4 July 2012

Plane views: Powder River Basin and Black Hills

Posted by Callan Bentley

Happy fourth of July! Here’s two scenes that are emblematic of America, as seen from my airplane window last March flying from Reno to Minneapolis.

Here’s the scene in the central Powder River Basin of eastern Wyoming:

If you zoom in, you’ll see what caught my eye – regular rectangular excavations into the surface. These are strip mining operations for coal laid down in the Paleogene period of geologic time. The coal is sub-bituminous in grade, but it is copious in quantity and low in sulfur, so it is economically viable to mine. This is approximately the location of the Black Thunder Mine, one of the largest coal mines in the world.
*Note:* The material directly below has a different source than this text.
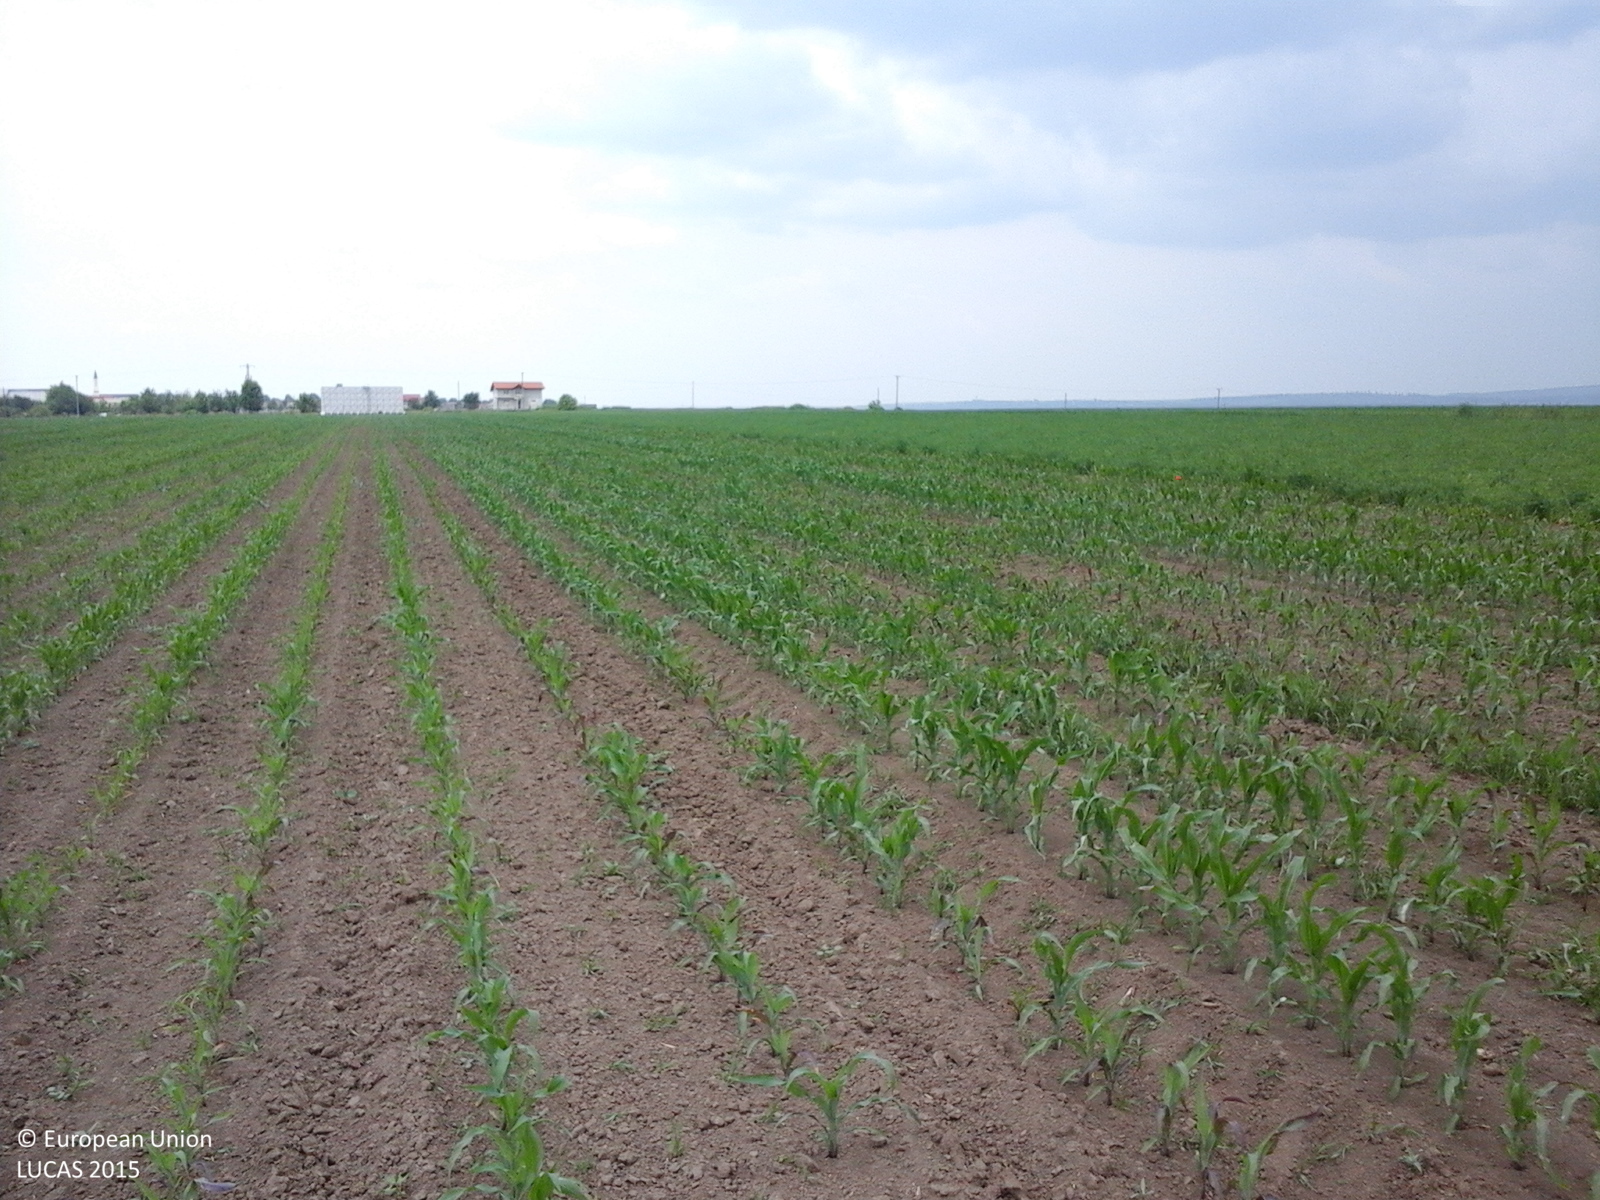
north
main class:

It alone is responsible for about 8% of U.S. coal production. Much of this coal gets immediately loaded onto a round-the-clock coal train that runs down to Georgia, where it is combusted to provide Atlanta with electricity. This saga is well documented in John McPhee’s 2005 essay “Coal Train” in the New Yorker (Part I, Part II): highly recommended reading that was later included in his book Uncommon Carriers.

The mines have a geometry that is distinct from the naturally-occurring filigrees of dendritic drainages that otherwise decorate this sere land:

Shortly after spotting the Black Thunder Mine, our plain drifted over one final Laramide uplift, a dark oval on the Plains landscape:

That would be the Black Hills, straddling sidesaddle the Wyoming / South Dakota border. Somewhere down there in the “black” (pine trees) is Mount Rushmore, but I couldn’t find it from the plane.

Big coal and big presidents on the side of a mountain – American reality and American ideals. Food for thought on Independence Day.